+++ Exercise data

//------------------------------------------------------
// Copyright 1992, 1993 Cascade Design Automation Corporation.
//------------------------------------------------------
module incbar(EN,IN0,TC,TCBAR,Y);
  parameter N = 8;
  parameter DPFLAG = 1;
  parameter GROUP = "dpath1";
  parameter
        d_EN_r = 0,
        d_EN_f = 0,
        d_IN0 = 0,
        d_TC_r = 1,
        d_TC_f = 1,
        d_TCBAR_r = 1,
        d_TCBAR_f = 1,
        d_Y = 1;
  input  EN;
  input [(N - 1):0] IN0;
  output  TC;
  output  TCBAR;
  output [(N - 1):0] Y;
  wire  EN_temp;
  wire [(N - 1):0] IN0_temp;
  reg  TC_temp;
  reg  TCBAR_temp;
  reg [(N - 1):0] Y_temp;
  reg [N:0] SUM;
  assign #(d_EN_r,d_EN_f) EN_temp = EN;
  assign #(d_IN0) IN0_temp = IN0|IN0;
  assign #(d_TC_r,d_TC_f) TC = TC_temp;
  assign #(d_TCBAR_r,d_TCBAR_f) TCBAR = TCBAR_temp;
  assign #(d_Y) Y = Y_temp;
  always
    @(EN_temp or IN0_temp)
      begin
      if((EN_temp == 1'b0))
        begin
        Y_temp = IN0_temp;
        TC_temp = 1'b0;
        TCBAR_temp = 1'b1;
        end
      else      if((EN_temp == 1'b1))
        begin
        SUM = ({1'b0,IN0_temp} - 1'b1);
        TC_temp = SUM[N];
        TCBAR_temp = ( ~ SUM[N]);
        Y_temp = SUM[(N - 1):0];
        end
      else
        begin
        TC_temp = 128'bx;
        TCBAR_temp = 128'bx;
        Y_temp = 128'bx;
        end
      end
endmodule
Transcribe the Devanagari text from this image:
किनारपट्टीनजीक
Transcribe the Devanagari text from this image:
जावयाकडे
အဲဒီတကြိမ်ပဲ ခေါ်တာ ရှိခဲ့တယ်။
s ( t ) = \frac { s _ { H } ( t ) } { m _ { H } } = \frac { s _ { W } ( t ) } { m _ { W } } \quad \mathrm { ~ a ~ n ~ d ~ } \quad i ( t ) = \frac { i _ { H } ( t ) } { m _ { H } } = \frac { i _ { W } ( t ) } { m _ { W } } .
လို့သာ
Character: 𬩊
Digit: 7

++++++

**Exercise description**: Your response must contain all of the records, copied exactly.

**Worked solution**:
//------------------------------------------------------
// Copyright 1992, 1993 Cascade Design Automation Corporation.
//------------------------------------------------------
module incbar(EN,IN0,TC,TCBAR,Y);
  parameter N = 8;
  parameter DPFLAG = 1;
  parameter GROUP = "dpath1";
  parameter
        d_EN_r = 0,
        d_EN_f = 0,
        d_IN0 = 0,
        d_TC_r = 1,
        d_TC_f = 1,
        d_TCBAR_r = 1,
        d_TCBAR_f = 1,
        d_Y = 1;
  input  EN;
  input [(N - 1):0] IN0;
  output  TC;
  output  TCBAR;
  output [(N - 1):0] Y;
  wire  EN_temp;
  wire [(N - 1):0] IN0_temp;
  reg  TC_temp;
  reg  TCBAR_temp;
  reg [(N - 1):0] Y_temp;
  reg [N:0] SUM;
  assign #(d_EN_r,d_EN_f) EN_temp = EN;
  assign #(d_IN0) IN0_temp = IN0|IN0;
  assign #(d_TC_r,d_TC_f) TC = TC_temp;
  assign #(d_TCBAR_r,d_TCBAR_f) TCBAR = TCBAR_temp;
  assign #(d_Y) Y = Y_temp;
  always
    @(EN_temp or IN0_temp)
      begin
      if((EN_temp == 1'b0))
        begin
        Y_temp = IN0_temp;
        TC_temp = 1'b0;
        TCBAR_temp = 1'b1;
        end
      else      if((EN_temp == 1'b1))
        begin
        SUM = ({1'b0,IN0_temp} - 1'b1);
        TC_temp = SUM[N];
        TCBAR_temp = ( ~ SUM[N]);
        Y_temp = SUM[(N - 1):0];
        end
      else
        begin
        TC_temp = 128'bx;
        TCBAR_temp = 128'bx;
        Y_temp = 128'bx;
        end
      end
endmodule
Transcribe the Devanagari text from this image:
किनारपट्टीनजीक
Transcribe the Devanagari text from this image:
जावयाकडे
အဲဒီတကြိမ်ပဲ ခေါ်တာ ရှိခဲ့တယ်။
s ( t ) = \frac { s _ { H } ( t ) } { m _ { H } } = \frac { s _ { W } ( t ) } { m _ { W } } \quad \mathrm { ~ a ~ n ~ d ~ } \quad i ( t ) = \frac { i _ { H } ( t ) } { m _ { H } } = \frac { i _ { W } ( t ) } { m _ { W } } .
လို့သာ
Character: 𬩊
Digit: 7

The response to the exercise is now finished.